David Green, Executive Director of the U.S. Sustainability Alliance, discusses sustainable food systems, mirror clauses, and their meaning
Through summer and the fall, U.S. farmers will harvest their crops, many of which they will have produced using innovative technologies. At the same time, the European Commission is expected to propose its far-reaching sustainable food systems (SFS) regulation to legislate minimum sustainability requirements for products placed on the European Union (EU) market.
The SFS is one of many legislative initiatives resulting from the EU’s Green Deal and Farm to Fork (F2F) strategies. F2F’s objectives for 2030 are to reduce the use of chemical pesticides by 50%, fertilizers by 20%, and antibiotics by 50% while increasing organic production to 25% of total agricultural production.
The Commission’s green strategies call for a science-based approach and the use of new production technologies. However, experience shows that such technologies can run into political and societal challenges leading to non-scientific delays and even outright rejection.

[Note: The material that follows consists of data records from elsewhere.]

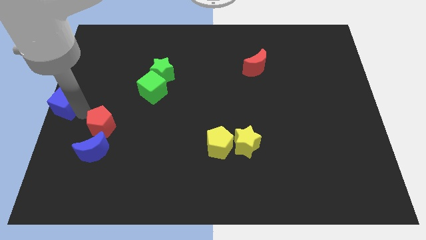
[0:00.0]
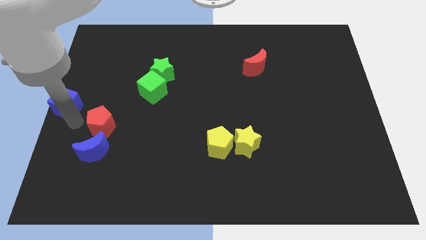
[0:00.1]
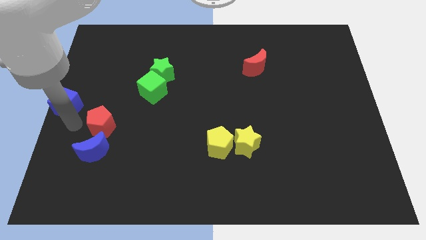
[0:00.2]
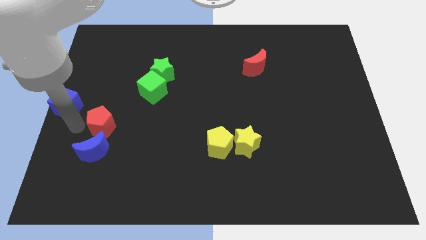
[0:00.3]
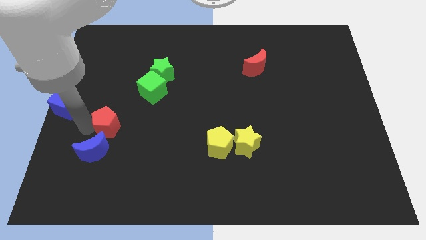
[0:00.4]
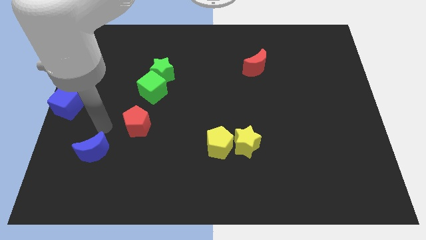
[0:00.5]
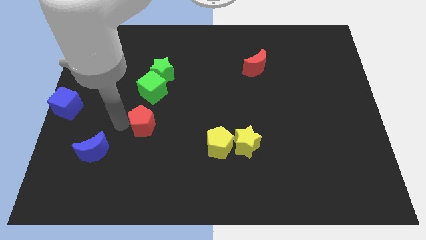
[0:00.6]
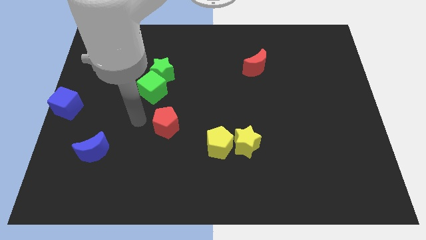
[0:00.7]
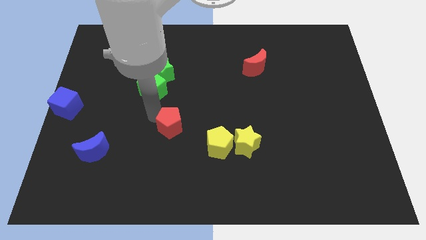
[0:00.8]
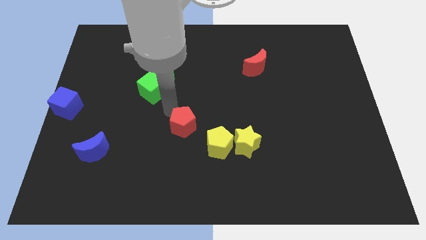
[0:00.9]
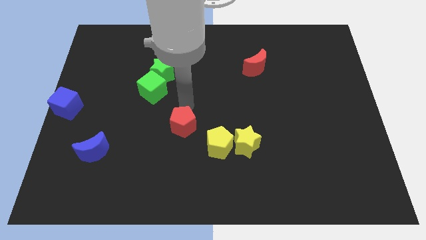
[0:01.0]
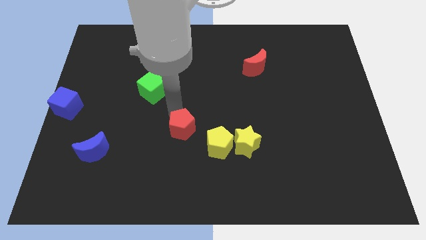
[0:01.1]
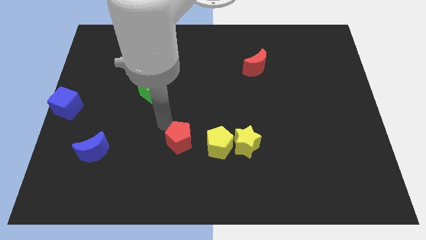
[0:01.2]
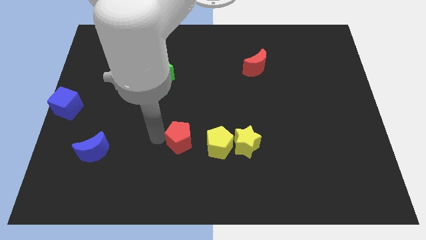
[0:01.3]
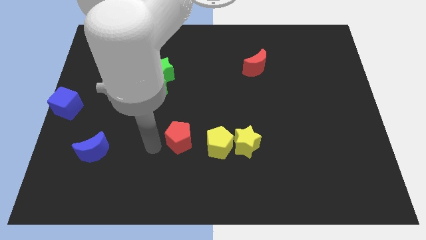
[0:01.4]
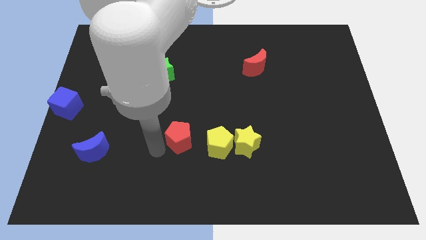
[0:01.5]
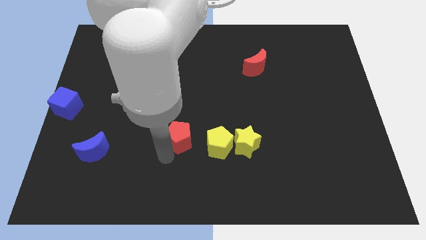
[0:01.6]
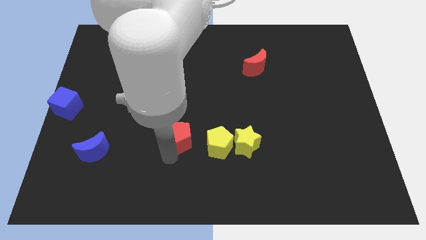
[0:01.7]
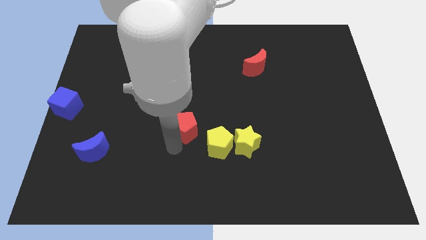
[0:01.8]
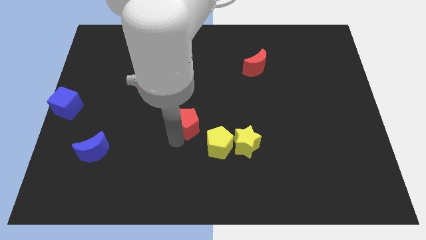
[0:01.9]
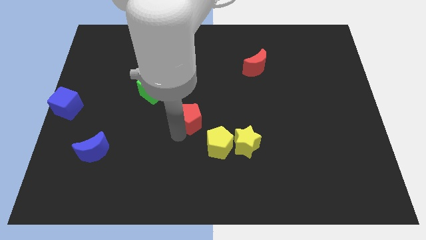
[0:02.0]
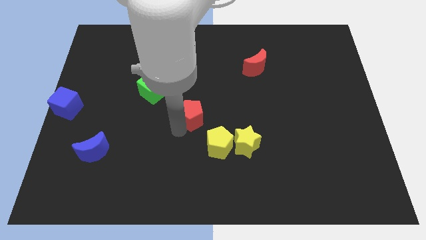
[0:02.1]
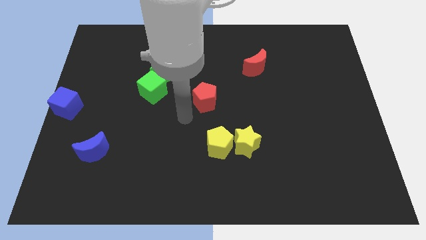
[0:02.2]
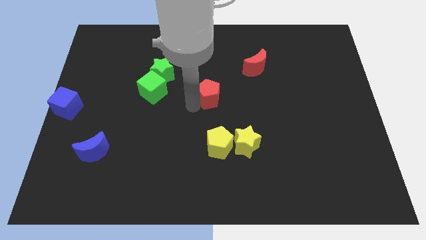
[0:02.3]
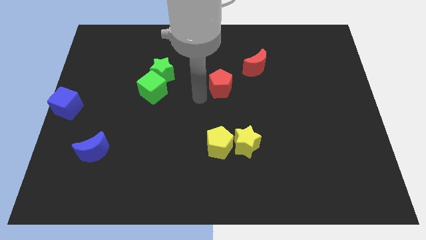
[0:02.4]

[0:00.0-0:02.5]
place the red pentagon to the right of the green cube

Political pushback increases
For example, recently, there has been considerable right-of-center political pushback in the European Parliament to the proposed Nature Restoration Act, with the adoption of the Parliament’s (watered down) position only being passed by a very narrow margin. The proposal to cut pesticide use has met similar opposition, with several member states joining farmers, arguing that food security should be central to future legislation.
Underlying these political challenges, time for legislative action is running out. The European Parliament elections are in June 2024, while the end of the Commission’s five-year term is October, which leaves a very tight timeframe to bring forward, debate, and agree on new initiatives.

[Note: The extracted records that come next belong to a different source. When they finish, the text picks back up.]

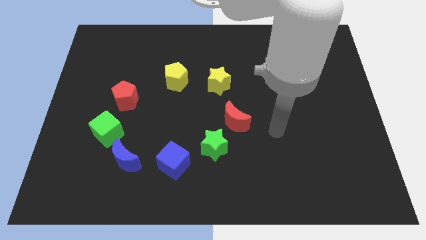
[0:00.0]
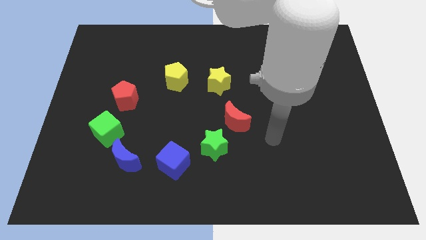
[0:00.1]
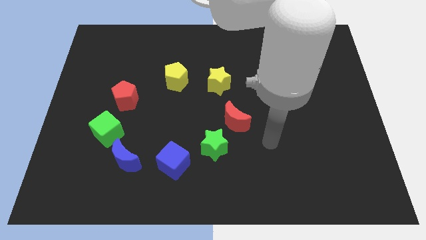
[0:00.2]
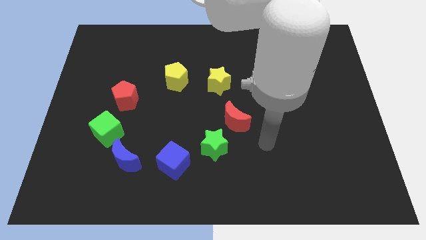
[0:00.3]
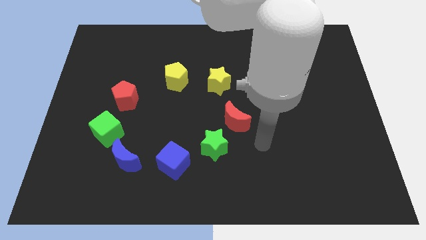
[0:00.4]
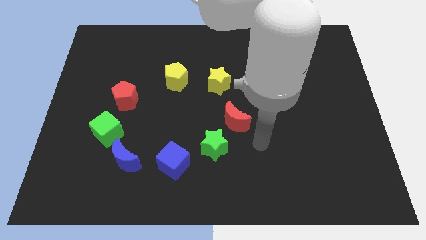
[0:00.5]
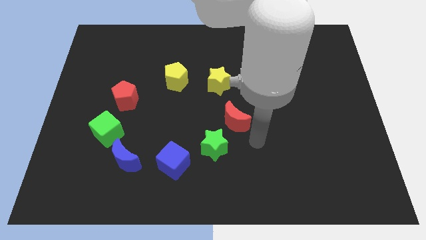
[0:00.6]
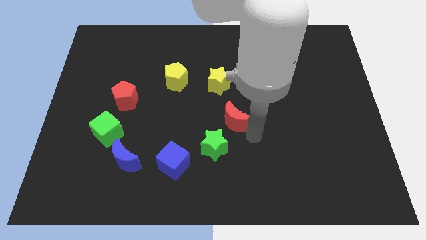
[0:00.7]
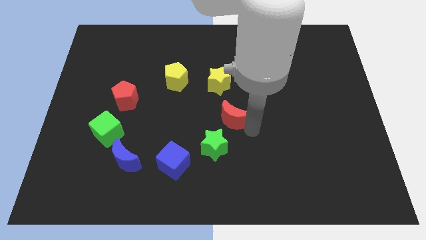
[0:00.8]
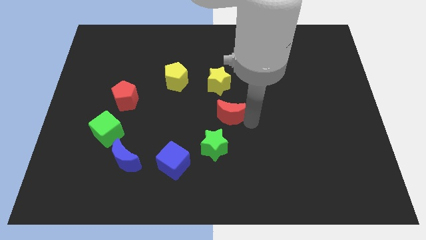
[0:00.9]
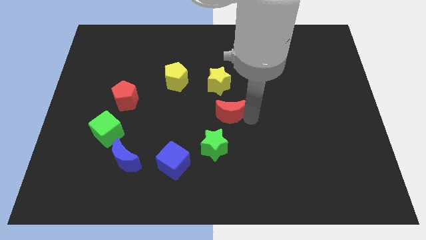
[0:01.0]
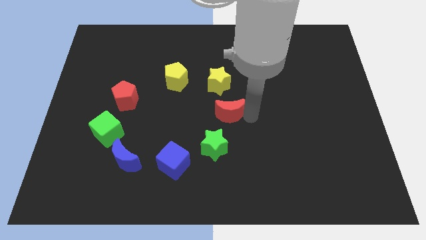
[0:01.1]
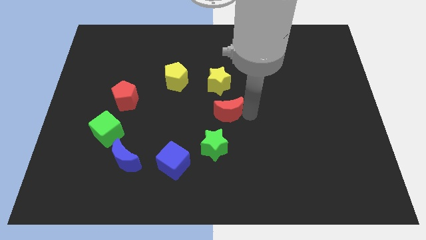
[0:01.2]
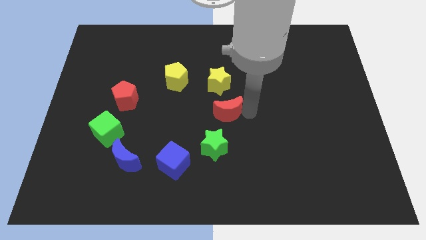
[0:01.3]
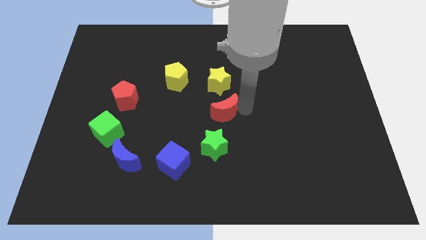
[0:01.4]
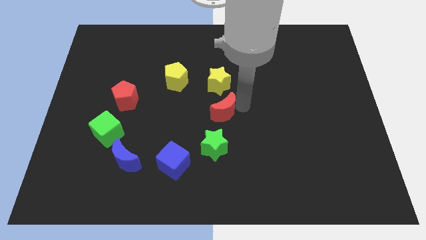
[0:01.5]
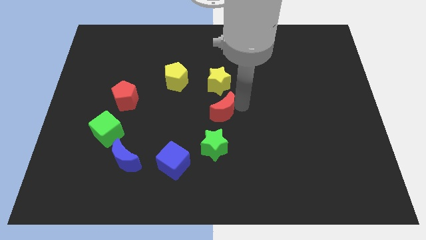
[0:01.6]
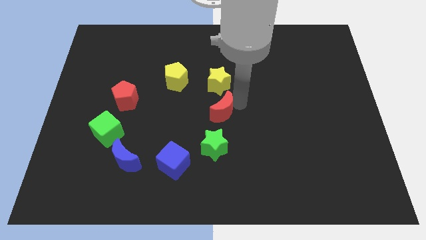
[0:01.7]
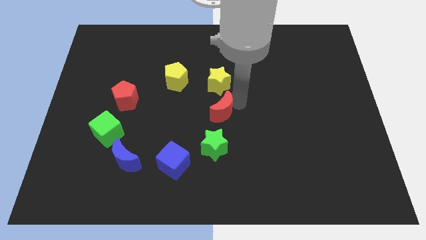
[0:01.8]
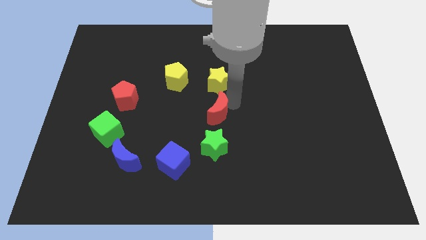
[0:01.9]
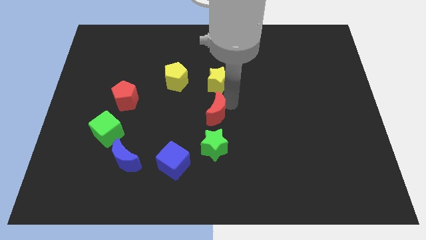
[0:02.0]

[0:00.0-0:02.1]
place red moon on top of green star

For EU farmers, F2F’s proposed cuts in inputs without alternative production technologies mean facing an expected drop of up to 20% in overall productivity and a corresponding reduction in quality. This, in turn, would lead to increased imports from third countries, including the U.S., to make up for the shortfall. Little wonder that U.S. farmers and others globally might relish the potential for increased exports while sympathizing with their European counterparts. They might even scratch their heads and ask, “What exactly does Europe want and expect from its farmers?”

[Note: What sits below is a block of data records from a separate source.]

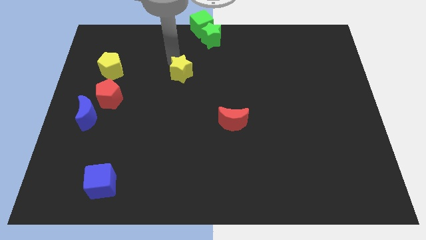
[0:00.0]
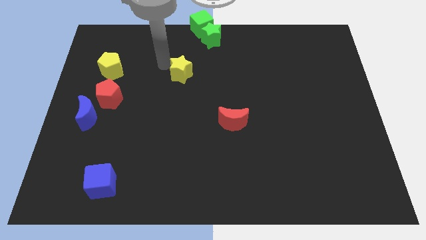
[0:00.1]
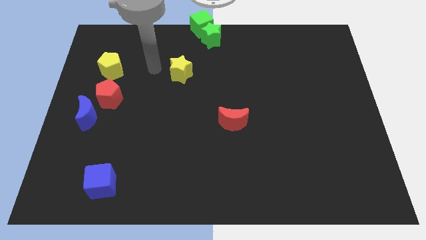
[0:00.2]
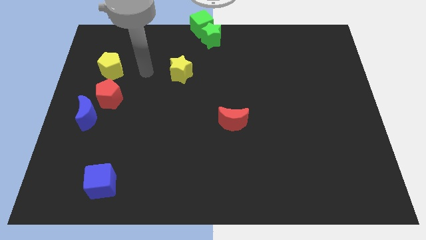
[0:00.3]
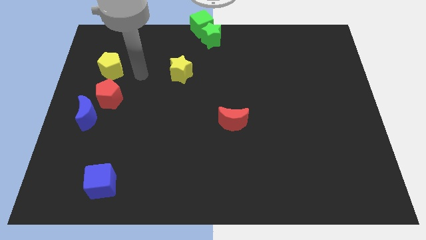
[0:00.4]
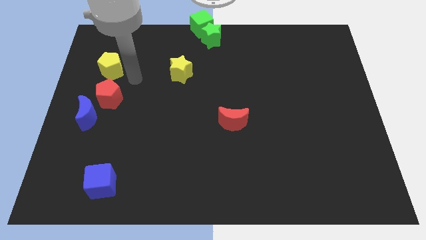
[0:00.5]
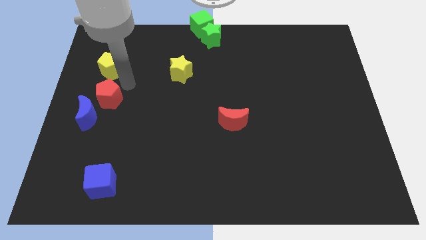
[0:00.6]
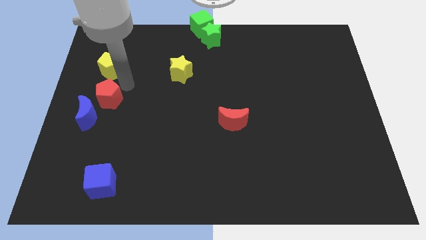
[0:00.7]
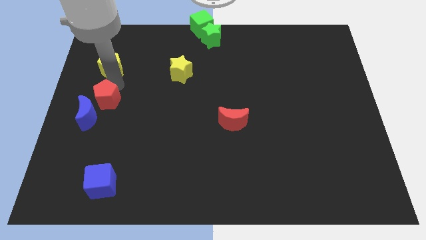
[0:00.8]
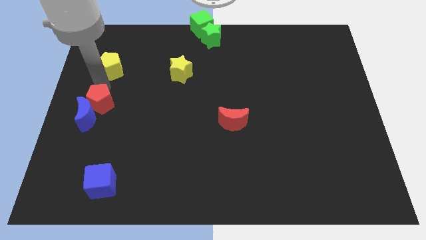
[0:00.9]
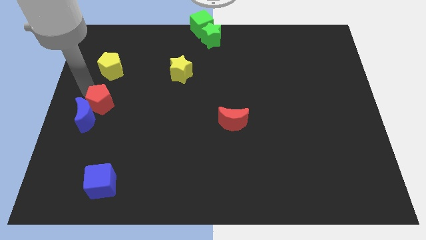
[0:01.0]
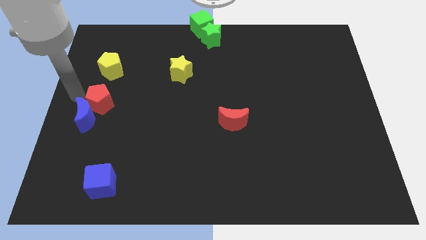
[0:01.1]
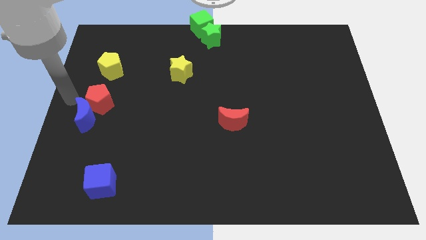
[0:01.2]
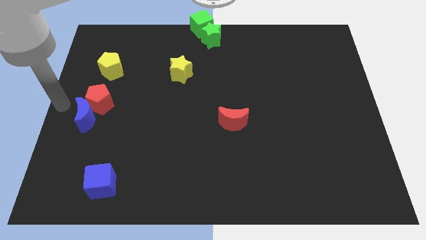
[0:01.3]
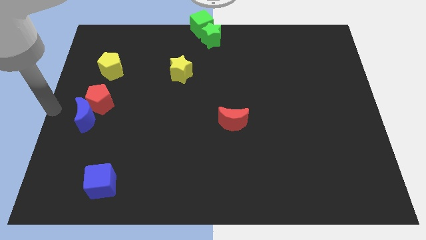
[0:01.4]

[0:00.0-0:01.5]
separate red pentagon and yellow pentagon

Profitability and sustainability
From a U.S. perspective, the EU’s regulatory approach to drive sustainable production comes across as prescriptive, heavily influenced by environmental and social pressures, with less attention given to the third leg of the ‘sustainability stool’ – economics. Yet, for farmers everywhere, being profitable goes hand in hand with the basic tenets of sustainability. The U.S. approach to agricultural sustainability is more focused on voluntary initiatives and market-based approaches, such as incentivizing farmers to adopt sustainable practices through conservation programs.
This is not to say that there is no regulatory oversight since there are some 20 U.S. federal laws and policies governing conservation, the environment, and the protection of waterways.
Mirror clauses concern EU trading partners
How the EU develops its approach to sustainable production within its borders is a matter for its legislators, regulators, producers, and consumers. However, the F2F strategy made it clear that it sees its approach as setting the global standard for sustainability. The EU’s attempts to impose so-called mirror clauses, which would require agriculture imports to meet EU standards, not only for food safety (already needed) but also for animal welfare and environmental protection, have increased concerns among trading partners that Europe is trying to dictate its policy unilaterally.
Achieving agricultural sustainability requires a multi-faceted approach that includes regulations and voluntary standards. Each has strengths and weaknesses, but they are complementary in promoting sustainability.
War exposes vulnerabilities in the global food system
The war in Ukraine threw into sharp relief the fragility of global agricultural production and trade, particularly in Europe, where the aspirations of the Green Deal came up against the hard reality of food security. As a result, implementing the F2F strategy is receiving increasing pushback from EU politicians, farm groups, and even regulators. The conflict also showed the interdependency of achieving food security. It highlighted a need for flexibility and understanding in accommodating local ambitions alongside various geo-political contexts and contrasting food production systems.
Sustainable productivity growth coalition
In late 2021, U.S. Agriculture Secretary Tom Vilsack launched the Coalition on Sustainable Growth Productivity (SPG) with the underlying message calling for countries to take a global approach to bolster “sustainable productivity growth” and to “guard against trade barriers that discriminate against particular production practices even when the system is delivering positive outcomes.”
Interestingly, the EU joined the SPG Coalition the following March (2022). Perhaps, having looked in the mirror, the EU appreciates the need for more flexibility to meet the requirements of a global approach to tackling how to produce food sustainably and feed a growing world population.